Rolling Motion - University Physics Volume 1 | OpenStax

Learning Objectives

• Understand the physics of rolling motion without slipping
• Relate linear and angular variables in rolling motion
• Calculate linear and angular accelerations with and without slipping
• Determine static friction force in rolling motion
• Apply energy conservation in analyzing rolling motion

Introduction to Rolling Motion

• Rolling motion is a combination of rotational and translational motion.
• Key examples include:
  • Wheels on cars, airplanes, and robotic explorers.
• Understanding forces and torques in rolling motion is crucial.

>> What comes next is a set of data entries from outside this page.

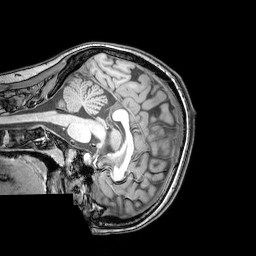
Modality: T1w
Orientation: sagittal
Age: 22
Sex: female
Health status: healthy
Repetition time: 0.081 s
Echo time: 0.037 s
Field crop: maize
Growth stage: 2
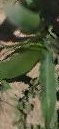
Species: maize
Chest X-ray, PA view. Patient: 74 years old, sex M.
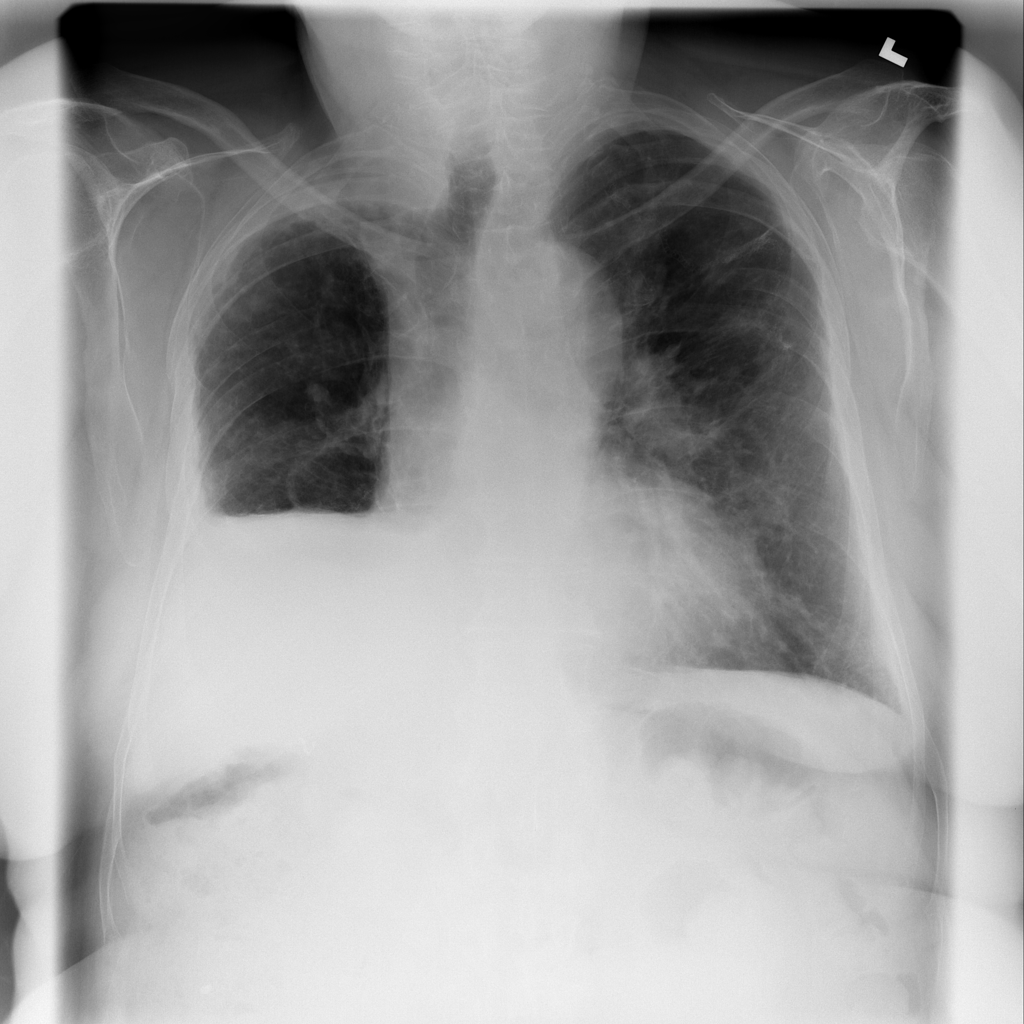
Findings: Nodule, Pleural_Thickening
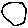
Label: circle
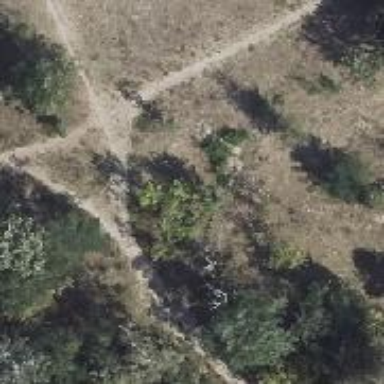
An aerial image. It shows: Dirt path.
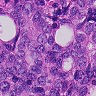
Metastatic tissue present: yes
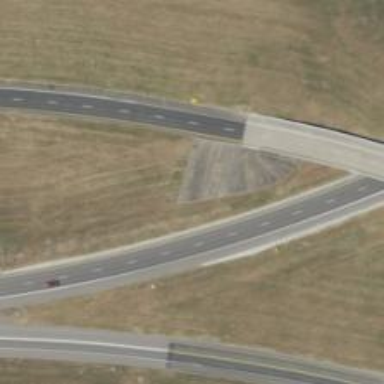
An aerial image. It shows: Expressway with asphalt surface categorized as trunk highway.
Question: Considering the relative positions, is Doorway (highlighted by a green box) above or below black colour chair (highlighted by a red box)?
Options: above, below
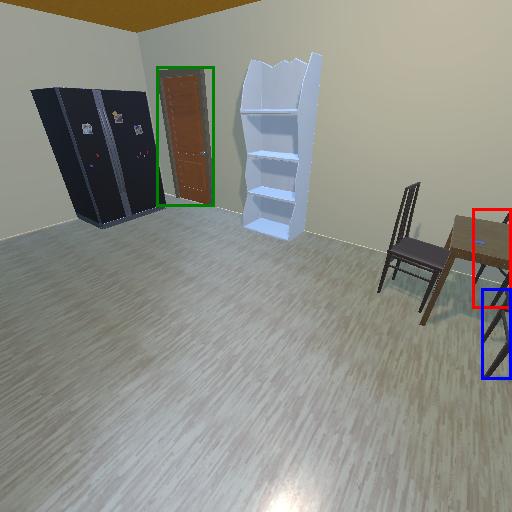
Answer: above

Rolling Motion without Slipping

• Observed since the invention of the wheel.
• Static friction keeps cars' tires in contact with the road during rolling.
  • Without slipping, the bottom of the wheel is at rest relative to the ground.
• Key Points:
  • Linear velocity and acceleration can be derived from angular variables.
  • v_CM = ωR a_CM = αR
  • Distance traveled: d_CM = θR

Example: Rolling Down an Inclined Plane

• Analyze a solid cylinder rolling down without slipping.
• Forces involved: Normal force, gravitational force, static friction.
• Linear acceleration expressed using moment of inertia.
  • Formula: a_CM = \frac{mgsinθ}{m + \frac{I_{CM}}{R^2}}
• Static friction must be sufficient to prevent slipping.
• Relation between static friction and incline angle: s ≥ \frac{1}{3}tanθ

Rolling Motion with Slipping

• Kinetic friction is involved when slipping occurs.
• Relationships between linear and angular variables change.
  • Key Relationships:
  • v_CM ≠ ωR a_CM ≠ αR

Example: Rolling Down an Incline with Slipping

• Solve using kinetic friction instead of static friction.
• Formula for acceleration: a_CM = g(sinθ - μ_kcosθ)
• Angular acceleration depends on kinetic friction and incline: α = \frac{2μ_kgcosθ}{R}

Conservation of Mechanical Energy in Rolling Motion

• Total mechanical energy includes translational and rotational kinetic energy, and potential energy: E_T = \frac{1}{2}mv_{CM}^2 + \frac{1}{2}I_{CM}ω^2 + mgh
• Energy conserved if no nonconservative forces (e.g., slipping, air resistance).
• Example: Curiosity on Mars
  • Wheel rolling without slipping.
  • Use energy conservation to find velocity:
  v_CM = \sqrt{gh}

Summary

• Rolling motion combines translation and rotation.
• Static friction is central to rolling without slipping.
• Energy conservation useful in predicting motion outcomes.
• Understanding the physics helps in analyzing real-world applications, such as vehicle dynamics and planetary exploration.